↓
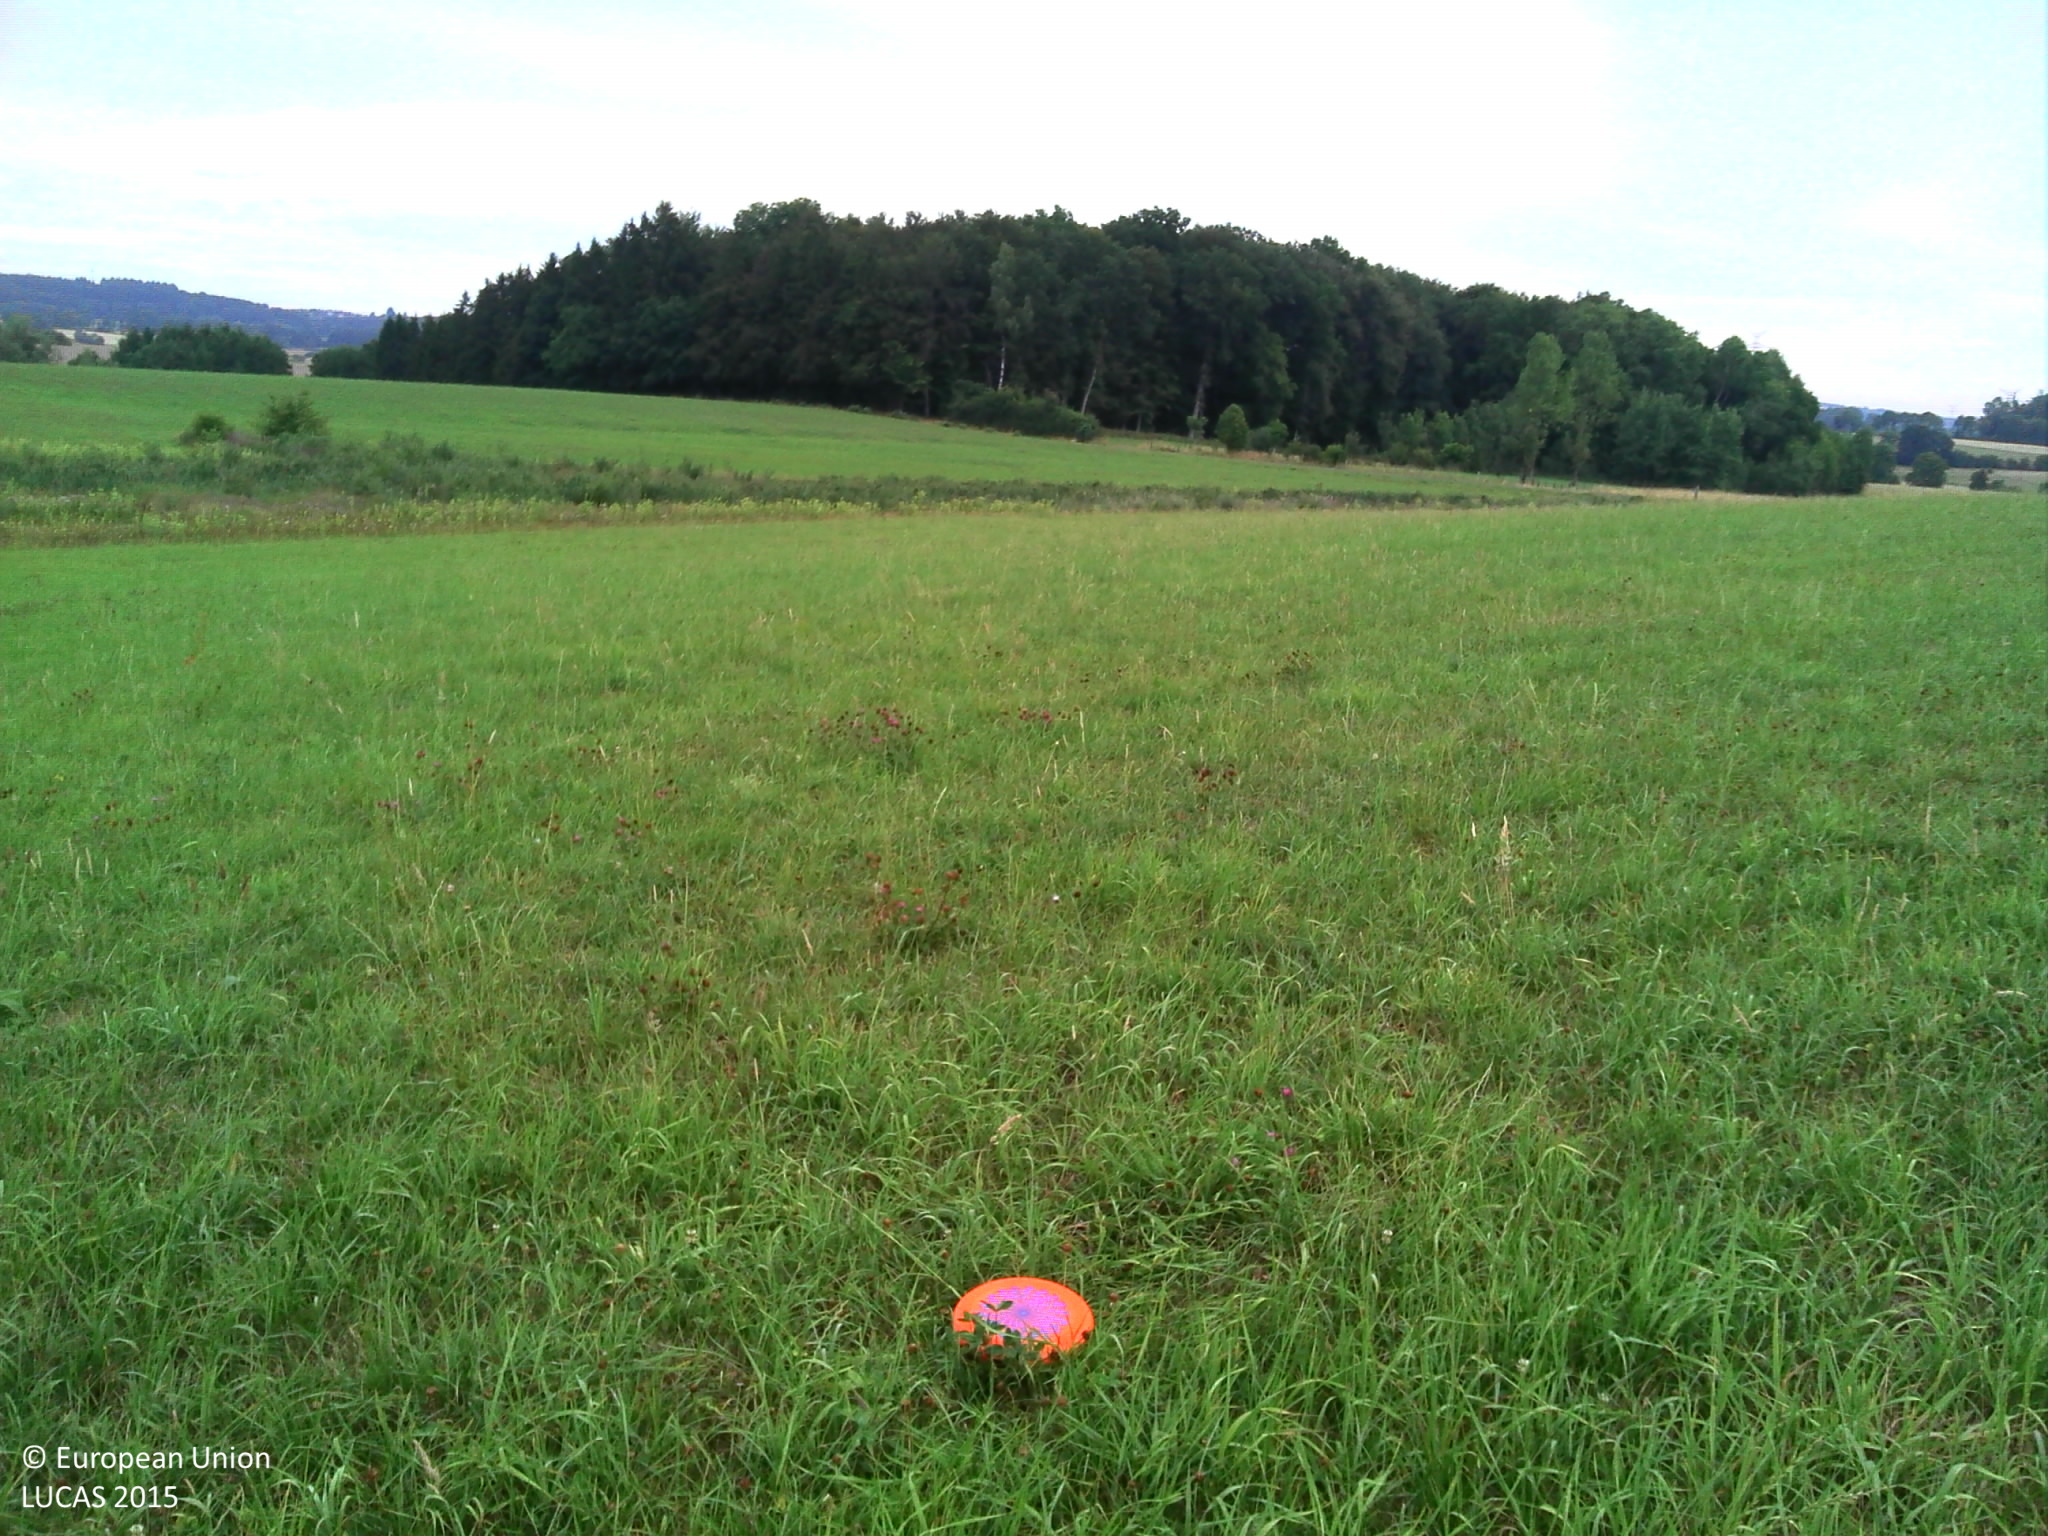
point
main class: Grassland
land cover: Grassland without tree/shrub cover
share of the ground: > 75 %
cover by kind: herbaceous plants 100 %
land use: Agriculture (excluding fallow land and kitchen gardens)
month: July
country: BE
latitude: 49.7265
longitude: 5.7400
↑
— YOUR GOAL —
Would you please repeat the lines from the one with "land cover: Grassland" through the last line of the listing above, exactly and with nothing else?

— RESPONSE FOR THIS EXERCISE —
land cover: Grassland without tree/shrub cover
share of the ground: > 75 %
cover by kind: herbaceous plants 100 %
land use: Agriculture (excluding fallow land and kitchen gardens)
month: July
country: BE
latitude: 49.7265
longitude: 5.7400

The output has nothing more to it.